Dataset excerpts
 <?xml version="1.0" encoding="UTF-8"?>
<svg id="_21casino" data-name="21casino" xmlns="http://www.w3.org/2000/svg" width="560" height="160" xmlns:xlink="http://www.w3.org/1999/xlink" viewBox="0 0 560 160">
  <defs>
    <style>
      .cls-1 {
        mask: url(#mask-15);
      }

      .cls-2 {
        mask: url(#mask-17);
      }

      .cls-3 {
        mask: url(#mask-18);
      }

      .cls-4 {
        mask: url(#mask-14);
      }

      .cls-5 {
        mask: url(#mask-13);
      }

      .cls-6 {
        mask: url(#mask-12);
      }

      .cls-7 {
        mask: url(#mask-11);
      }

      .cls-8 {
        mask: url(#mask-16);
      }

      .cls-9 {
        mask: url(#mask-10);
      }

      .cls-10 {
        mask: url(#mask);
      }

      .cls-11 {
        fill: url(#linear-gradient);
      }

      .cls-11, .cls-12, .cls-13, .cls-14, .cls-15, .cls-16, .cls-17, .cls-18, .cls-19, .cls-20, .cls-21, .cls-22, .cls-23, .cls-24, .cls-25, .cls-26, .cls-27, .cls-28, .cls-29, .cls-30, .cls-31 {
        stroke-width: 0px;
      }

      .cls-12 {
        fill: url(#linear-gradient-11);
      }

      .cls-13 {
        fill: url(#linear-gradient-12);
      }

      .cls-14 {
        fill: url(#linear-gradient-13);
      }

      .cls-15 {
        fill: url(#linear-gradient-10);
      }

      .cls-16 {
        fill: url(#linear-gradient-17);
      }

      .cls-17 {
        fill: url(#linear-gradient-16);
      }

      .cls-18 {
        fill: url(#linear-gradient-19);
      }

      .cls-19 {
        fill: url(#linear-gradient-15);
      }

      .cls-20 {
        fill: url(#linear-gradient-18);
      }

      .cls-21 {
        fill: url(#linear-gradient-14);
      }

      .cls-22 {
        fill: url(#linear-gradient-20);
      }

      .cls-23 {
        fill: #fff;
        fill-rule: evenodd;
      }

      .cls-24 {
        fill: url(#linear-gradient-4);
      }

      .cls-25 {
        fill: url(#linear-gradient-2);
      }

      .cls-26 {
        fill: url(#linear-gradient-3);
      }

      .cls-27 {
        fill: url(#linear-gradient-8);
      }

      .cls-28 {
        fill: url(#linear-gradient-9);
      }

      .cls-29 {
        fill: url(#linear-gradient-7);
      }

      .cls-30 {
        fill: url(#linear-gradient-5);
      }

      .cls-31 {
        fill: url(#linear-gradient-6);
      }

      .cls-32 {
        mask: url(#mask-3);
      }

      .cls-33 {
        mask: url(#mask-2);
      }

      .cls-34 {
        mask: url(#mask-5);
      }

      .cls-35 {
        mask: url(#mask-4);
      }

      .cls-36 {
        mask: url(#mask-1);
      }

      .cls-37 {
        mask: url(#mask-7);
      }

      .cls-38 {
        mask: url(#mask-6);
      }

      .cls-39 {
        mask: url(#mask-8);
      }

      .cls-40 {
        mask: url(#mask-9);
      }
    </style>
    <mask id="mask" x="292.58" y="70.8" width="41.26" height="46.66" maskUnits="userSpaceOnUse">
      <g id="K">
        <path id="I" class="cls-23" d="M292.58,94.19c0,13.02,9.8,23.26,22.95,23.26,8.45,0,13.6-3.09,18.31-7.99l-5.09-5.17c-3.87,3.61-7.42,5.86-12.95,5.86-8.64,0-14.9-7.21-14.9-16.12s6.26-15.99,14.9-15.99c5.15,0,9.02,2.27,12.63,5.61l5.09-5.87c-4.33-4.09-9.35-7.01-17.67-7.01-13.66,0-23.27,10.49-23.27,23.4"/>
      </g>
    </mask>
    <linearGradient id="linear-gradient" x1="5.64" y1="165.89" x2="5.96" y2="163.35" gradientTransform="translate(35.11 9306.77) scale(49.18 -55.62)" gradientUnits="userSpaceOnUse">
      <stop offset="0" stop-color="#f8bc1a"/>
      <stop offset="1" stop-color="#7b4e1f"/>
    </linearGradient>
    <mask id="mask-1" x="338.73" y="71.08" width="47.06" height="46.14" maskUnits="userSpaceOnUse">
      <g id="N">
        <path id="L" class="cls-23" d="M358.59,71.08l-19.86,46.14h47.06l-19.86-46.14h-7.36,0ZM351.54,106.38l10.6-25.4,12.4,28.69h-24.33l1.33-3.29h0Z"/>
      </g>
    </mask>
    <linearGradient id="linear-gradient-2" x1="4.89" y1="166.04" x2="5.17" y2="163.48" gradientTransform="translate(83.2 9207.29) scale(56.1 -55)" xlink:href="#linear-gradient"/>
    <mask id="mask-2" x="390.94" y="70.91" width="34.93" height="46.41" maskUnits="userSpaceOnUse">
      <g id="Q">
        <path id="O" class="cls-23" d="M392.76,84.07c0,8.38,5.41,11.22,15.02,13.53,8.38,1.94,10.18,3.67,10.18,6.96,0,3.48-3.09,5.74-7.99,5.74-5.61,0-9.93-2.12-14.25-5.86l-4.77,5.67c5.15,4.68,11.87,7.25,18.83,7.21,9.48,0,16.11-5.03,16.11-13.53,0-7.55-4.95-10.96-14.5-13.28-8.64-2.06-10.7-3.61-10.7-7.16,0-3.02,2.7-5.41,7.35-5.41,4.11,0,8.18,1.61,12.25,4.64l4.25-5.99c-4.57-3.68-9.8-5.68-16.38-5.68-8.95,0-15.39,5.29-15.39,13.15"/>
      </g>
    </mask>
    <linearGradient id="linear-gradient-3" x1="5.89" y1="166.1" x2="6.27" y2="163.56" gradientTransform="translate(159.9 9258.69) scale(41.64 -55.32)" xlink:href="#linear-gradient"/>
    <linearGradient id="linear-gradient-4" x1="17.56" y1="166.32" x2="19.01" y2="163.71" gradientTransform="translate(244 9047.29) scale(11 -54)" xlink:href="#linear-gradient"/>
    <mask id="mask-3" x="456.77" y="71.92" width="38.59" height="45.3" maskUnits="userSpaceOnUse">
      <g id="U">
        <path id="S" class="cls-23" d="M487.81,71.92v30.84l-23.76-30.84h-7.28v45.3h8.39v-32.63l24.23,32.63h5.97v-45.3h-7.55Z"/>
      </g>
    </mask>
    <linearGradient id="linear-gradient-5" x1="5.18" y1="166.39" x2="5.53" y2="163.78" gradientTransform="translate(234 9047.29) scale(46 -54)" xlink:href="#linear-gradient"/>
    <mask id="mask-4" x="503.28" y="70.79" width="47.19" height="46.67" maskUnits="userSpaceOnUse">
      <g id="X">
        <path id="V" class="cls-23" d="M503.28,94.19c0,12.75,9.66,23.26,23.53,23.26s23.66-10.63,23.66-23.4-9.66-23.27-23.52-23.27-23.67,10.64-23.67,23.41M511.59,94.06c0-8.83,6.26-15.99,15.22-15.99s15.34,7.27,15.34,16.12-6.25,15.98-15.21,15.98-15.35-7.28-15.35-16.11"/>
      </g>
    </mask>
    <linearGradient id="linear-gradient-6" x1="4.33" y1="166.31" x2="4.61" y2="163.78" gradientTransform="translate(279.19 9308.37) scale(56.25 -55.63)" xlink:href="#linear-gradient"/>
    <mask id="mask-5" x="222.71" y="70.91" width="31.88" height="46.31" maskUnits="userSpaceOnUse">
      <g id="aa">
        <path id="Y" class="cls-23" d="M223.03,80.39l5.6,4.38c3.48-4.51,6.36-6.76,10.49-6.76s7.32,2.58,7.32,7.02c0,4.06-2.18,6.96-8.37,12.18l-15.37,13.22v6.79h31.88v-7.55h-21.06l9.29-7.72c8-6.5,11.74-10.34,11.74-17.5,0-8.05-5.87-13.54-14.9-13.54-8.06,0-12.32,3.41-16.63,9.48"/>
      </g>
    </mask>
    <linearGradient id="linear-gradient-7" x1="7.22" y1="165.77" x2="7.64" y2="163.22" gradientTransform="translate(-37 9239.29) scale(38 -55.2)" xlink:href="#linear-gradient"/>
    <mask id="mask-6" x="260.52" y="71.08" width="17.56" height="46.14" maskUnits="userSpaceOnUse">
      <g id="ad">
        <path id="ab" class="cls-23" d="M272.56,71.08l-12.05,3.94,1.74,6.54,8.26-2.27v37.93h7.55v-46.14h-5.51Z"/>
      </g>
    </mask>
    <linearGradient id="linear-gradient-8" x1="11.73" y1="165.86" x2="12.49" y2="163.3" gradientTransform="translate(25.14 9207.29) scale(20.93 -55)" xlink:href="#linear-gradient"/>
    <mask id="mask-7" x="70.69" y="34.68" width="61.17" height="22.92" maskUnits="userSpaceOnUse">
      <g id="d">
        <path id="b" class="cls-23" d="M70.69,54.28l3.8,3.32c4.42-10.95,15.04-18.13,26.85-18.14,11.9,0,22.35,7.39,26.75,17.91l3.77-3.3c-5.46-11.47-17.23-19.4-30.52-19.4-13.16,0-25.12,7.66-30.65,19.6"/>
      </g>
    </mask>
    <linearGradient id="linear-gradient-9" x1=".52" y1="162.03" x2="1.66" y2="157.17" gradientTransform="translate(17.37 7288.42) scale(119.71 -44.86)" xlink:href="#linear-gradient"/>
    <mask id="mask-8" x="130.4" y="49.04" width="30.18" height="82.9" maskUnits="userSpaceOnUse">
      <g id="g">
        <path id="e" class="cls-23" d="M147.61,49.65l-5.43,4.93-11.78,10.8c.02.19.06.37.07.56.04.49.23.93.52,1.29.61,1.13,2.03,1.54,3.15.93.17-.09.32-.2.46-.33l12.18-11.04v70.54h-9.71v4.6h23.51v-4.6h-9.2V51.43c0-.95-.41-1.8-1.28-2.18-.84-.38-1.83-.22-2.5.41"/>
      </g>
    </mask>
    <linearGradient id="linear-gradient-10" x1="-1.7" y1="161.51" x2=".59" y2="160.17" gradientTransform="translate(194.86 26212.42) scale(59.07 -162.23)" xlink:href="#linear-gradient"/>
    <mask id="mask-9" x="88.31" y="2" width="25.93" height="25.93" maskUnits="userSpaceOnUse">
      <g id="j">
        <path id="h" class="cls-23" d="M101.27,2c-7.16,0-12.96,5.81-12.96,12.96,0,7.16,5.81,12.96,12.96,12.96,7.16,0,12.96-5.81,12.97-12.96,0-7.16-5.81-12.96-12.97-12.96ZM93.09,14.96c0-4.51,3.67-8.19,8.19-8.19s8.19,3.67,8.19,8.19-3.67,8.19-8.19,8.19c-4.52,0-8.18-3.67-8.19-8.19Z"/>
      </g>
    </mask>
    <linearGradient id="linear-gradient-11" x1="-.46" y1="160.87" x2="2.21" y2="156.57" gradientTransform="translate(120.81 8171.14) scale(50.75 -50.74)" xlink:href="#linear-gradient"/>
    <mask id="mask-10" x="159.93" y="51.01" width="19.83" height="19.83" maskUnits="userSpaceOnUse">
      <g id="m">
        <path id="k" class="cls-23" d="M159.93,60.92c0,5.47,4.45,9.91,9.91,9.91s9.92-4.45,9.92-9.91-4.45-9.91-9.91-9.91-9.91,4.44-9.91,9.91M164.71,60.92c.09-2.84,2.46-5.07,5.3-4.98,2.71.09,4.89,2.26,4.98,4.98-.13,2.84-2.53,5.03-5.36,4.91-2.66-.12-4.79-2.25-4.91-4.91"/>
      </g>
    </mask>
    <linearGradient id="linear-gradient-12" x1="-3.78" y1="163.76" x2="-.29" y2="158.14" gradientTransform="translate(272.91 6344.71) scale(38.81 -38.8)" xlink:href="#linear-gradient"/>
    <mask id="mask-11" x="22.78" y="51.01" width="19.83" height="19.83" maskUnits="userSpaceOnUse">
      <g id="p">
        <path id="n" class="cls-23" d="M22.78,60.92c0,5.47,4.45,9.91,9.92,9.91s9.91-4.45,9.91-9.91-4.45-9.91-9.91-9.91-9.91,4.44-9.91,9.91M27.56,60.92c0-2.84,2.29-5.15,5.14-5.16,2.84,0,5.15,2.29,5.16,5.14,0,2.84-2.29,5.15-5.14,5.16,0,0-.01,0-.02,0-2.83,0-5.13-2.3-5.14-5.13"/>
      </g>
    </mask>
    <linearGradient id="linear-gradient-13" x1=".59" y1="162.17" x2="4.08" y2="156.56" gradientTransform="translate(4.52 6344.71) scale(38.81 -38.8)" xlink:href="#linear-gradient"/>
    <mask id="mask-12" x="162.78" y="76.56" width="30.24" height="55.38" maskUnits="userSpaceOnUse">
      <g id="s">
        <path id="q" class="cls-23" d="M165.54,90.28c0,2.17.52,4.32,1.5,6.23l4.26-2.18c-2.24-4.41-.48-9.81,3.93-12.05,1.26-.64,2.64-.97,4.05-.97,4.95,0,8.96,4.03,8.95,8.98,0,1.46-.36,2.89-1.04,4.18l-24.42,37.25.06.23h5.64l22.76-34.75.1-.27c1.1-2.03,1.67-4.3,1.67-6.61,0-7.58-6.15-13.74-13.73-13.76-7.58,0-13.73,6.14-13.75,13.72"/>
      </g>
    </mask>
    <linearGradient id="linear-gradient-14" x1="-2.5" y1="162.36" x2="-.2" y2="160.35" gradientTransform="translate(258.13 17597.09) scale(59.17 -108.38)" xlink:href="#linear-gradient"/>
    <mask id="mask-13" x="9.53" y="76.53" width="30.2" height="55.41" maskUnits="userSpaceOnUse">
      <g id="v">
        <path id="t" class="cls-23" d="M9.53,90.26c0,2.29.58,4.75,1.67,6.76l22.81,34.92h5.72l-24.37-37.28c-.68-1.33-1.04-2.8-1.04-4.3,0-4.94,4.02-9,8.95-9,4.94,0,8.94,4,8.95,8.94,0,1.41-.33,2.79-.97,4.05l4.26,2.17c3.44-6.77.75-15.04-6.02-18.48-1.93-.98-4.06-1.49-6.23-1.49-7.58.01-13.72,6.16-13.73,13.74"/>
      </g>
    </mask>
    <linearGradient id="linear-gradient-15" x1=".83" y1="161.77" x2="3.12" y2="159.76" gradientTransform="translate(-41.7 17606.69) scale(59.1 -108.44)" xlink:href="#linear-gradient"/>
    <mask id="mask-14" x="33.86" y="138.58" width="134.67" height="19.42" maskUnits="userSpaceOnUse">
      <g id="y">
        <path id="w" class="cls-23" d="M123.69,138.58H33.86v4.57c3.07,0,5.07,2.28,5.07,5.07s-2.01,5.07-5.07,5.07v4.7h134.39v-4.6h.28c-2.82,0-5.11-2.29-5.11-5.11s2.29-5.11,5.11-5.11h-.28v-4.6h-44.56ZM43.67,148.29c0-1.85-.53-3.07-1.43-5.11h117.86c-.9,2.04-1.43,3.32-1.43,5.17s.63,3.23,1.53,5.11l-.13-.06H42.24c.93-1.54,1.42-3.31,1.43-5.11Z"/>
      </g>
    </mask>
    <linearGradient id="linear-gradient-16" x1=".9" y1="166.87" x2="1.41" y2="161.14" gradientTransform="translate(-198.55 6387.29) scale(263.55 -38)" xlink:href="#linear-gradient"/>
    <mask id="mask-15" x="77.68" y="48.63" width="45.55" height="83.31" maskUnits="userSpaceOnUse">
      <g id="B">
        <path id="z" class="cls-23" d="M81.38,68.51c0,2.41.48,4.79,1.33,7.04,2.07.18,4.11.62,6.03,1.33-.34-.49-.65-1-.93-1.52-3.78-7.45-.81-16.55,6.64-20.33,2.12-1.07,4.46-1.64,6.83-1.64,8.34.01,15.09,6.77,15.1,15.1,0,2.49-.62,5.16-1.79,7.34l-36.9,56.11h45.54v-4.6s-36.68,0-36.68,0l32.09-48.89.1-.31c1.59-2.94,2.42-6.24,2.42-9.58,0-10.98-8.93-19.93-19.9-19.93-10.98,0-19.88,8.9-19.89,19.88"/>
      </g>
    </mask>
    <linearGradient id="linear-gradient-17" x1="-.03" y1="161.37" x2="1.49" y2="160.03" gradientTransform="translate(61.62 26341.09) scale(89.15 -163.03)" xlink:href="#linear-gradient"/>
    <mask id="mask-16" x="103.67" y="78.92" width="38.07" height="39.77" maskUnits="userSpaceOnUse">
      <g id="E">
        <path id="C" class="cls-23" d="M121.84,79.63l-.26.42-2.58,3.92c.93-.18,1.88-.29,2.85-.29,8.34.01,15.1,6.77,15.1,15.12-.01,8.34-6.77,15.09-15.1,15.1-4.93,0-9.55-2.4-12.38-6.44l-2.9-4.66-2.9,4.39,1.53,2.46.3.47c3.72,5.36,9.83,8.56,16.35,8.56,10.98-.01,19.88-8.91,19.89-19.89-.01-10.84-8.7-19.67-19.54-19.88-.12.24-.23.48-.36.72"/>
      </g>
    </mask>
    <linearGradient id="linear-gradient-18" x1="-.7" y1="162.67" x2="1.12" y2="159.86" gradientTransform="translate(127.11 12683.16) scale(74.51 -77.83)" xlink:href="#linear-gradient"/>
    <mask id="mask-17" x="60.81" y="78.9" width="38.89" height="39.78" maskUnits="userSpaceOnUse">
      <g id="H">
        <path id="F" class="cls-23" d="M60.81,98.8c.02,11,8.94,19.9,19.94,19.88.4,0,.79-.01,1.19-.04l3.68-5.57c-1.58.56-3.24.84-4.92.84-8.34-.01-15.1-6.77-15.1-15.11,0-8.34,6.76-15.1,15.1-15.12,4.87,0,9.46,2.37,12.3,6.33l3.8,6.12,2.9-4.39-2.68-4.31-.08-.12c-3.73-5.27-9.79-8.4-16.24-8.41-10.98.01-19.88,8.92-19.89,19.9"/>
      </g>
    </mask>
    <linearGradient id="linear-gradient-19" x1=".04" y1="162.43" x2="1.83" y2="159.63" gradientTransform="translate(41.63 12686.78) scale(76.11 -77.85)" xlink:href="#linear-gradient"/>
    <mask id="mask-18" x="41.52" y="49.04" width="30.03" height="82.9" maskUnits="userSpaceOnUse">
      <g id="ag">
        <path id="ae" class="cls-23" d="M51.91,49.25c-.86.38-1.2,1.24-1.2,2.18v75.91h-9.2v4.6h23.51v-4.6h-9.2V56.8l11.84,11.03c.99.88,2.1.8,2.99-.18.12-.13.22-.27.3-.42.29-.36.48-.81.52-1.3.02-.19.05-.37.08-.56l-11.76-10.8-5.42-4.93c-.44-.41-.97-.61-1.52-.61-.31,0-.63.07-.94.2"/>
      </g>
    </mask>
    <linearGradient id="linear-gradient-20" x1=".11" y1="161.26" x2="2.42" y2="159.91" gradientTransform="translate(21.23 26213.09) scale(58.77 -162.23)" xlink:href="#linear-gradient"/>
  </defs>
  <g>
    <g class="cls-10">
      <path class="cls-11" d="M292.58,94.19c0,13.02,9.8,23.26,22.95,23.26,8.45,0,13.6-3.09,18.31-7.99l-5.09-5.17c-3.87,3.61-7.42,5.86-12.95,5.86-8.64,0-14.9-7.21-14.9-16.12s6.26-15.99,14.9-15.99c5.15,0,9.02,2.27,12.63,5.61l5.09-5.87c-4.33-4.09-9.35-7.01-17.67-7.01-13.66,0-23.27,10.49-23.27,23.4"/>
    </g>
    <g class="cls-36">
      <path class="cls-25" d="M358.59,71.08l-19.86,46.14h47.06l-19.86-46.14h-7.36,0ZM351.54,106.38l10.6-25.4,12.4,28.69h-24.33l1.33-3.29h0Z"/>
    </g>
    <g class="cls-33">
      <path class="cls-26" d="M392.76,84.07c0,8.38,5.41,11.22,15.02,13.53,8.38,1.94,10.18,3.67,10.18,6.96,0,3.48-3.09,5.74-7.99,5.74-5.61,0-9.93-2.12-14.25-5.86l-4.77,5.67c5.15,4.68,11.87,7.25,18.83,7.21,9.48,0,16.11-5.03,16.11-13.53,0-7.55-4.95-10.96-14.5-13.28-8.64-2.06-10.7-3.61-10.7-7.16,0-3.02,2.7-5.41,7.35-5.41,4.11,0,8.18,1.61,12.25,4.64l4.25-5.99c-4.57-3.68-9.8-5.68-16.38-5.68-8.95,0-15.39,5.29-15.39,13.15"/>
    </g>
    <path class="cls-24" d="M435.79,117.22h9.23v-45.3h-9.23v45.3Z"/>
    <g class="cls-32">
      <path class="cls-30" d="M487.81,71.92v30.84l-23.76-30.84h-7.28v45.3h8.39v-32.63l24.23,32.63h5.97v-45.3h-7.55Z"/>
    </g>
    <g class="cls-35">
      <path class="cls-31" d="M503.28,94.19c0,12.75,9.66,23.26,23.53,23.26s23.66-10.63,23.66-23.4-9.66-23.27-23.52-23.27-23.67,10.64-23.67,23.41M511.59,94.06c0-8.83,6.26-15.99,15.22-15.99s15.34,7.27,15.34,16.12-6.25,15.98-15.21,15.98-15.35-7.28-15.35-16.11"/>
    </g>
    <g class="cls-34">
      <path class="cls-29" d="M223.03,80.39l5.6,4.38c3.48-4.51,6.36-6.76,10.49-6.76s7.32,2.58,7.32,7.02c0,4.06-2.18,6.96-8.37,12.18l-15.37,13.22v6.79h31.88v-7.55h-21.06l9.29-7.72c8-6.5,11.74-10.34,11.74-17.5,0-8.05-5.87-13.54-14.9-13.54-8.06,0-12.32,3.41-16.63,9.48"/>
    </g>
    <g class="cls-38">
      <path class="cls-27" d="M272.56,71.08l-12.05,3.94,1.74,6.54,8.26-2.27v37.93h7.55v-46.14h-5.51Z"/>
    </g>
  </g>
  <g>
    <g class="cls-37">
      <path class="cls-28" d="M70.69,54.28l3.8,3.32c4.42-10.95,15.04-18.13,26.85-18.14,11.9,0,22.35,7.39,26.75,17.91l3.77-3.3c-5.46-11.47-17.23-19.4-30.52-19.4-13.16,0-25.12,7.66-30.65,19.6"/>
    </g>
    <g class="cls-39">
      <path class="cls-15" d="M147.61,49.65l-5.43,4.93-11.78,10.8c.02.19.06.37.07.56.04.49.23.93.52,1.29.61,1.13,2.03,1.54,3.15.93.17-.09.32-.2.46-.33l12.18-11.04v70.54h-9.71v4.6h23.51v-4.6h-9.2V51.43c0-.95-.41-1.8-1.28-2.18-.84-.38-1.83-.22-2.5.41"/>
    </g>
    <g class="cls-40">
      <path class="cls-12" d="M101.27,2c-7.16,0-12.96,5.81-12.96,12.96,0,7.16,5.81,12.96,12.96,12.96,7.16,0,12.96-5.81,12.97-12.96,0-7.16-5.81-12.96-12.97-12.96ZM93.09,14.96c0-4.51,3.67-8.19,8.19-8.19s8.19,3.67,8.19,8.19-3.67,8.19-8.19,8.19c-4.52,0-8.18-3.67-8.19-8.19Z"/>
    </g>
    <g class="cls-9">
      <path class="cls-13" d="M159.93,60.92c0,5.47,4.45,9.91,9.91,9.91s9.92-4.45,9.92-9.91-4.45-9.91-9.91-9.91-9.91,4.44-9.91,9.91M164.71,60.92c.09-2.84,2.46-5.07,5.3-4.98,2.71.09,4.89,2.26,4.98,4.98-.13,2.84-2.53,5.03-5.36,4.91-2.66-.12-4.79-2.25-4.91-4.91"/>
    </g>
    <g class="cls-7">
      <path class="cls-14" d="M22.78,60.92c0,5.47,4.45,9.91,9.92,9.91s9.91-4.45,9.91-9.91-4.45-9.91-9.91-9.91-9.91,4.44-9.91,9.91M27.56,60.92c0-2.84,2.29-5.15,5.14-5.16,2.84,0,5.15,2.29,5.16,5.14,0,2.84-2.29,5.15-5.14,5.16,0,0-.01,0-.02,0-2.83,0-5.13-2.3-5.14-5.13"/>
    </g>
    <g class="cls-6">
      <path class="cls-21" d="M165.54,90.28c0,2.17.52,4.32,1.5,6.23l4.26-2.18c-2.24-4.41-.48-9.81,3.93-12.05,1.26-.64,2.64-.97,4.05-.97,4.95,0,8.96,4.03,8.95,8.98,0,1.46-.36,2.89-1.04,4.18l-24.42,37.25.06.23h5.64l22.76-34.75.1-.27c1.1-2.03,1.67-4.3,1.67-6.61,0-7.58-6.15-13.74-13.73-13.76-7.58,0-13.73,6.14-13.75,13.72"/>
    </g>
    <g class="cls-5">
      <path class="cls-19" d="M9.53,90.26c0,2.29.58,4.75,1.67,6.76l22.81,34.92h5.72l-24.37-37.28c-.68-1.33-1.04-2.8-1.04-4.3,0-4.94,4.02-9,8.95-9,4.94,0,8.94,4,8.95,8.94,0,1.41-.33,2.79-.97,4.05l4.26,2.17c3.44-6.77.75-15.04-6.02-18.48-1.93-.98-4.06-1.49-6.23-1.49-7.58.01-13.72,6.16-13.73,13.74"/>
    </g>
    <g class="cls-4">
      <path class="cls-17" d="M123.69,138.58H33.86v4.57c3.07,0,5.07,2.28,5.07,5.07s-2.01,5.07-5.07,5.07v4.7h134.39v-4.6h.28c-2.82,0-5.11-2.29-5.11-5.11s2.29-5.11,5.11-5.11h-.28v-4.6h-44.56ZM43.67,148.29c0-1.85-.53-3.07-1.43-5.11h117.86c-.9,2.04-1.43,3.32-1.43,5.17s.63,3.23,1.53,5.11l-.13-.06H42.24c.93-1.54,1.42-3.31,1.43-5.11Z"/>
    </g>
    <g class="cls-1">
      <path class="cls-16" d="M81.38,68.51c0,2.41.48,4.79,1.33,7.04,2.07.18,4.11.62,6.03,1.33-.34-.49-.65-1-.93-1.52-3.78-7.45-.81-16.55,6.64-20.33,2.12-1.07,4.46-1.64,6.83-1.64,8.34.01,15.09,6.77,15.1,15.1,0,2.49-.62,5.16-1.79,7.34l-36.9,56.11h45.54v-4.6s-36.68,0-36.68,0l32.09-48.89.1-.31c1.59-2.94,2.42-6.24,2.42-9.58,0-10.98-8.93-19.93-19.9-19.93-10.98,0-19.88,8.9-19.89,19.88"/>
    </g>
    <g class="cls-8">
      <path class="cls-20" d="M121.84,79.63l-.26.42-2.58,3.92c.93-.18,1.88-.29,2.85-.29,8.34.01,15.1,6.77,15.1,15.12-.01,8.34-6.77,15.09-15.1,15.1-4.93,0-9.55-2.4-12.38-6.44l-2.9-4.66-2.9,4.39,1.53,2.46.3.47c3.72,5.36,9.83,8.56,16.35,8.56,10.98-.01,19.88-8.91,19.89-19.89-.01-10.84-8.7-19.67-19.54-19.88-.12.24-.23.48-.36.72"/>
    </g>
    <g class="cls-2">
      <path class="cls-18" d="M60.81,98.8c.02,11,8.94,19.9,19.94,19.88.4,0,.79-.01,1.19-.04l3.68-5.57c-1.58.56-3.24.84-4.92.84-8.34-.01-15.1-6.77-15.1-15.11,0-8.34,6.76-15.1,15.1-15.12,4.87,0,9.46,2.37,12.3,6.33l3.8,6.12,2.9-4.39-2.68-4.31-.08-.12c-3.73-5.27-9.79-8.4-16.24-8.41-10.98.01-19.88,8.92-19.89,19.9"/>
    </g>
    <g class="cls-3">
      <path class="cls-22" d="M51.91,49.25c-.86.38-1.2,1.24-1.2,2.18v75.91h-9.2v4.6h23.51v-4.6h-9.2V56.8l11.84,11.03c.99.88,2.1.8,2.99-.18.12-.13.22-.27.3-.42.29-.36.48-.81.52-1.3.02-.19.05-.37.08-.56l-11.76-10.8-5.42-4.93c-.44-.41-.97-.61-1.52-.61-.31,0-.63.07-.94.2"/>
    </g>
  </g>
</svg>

*What is required*. Where a line of the data includes the string "color", list that line.

*Problem solution*.
      <stop offset="0" stop-color="#f8bc1a"/>
      <stop offset="1" stop-color="#7b4e1f"/>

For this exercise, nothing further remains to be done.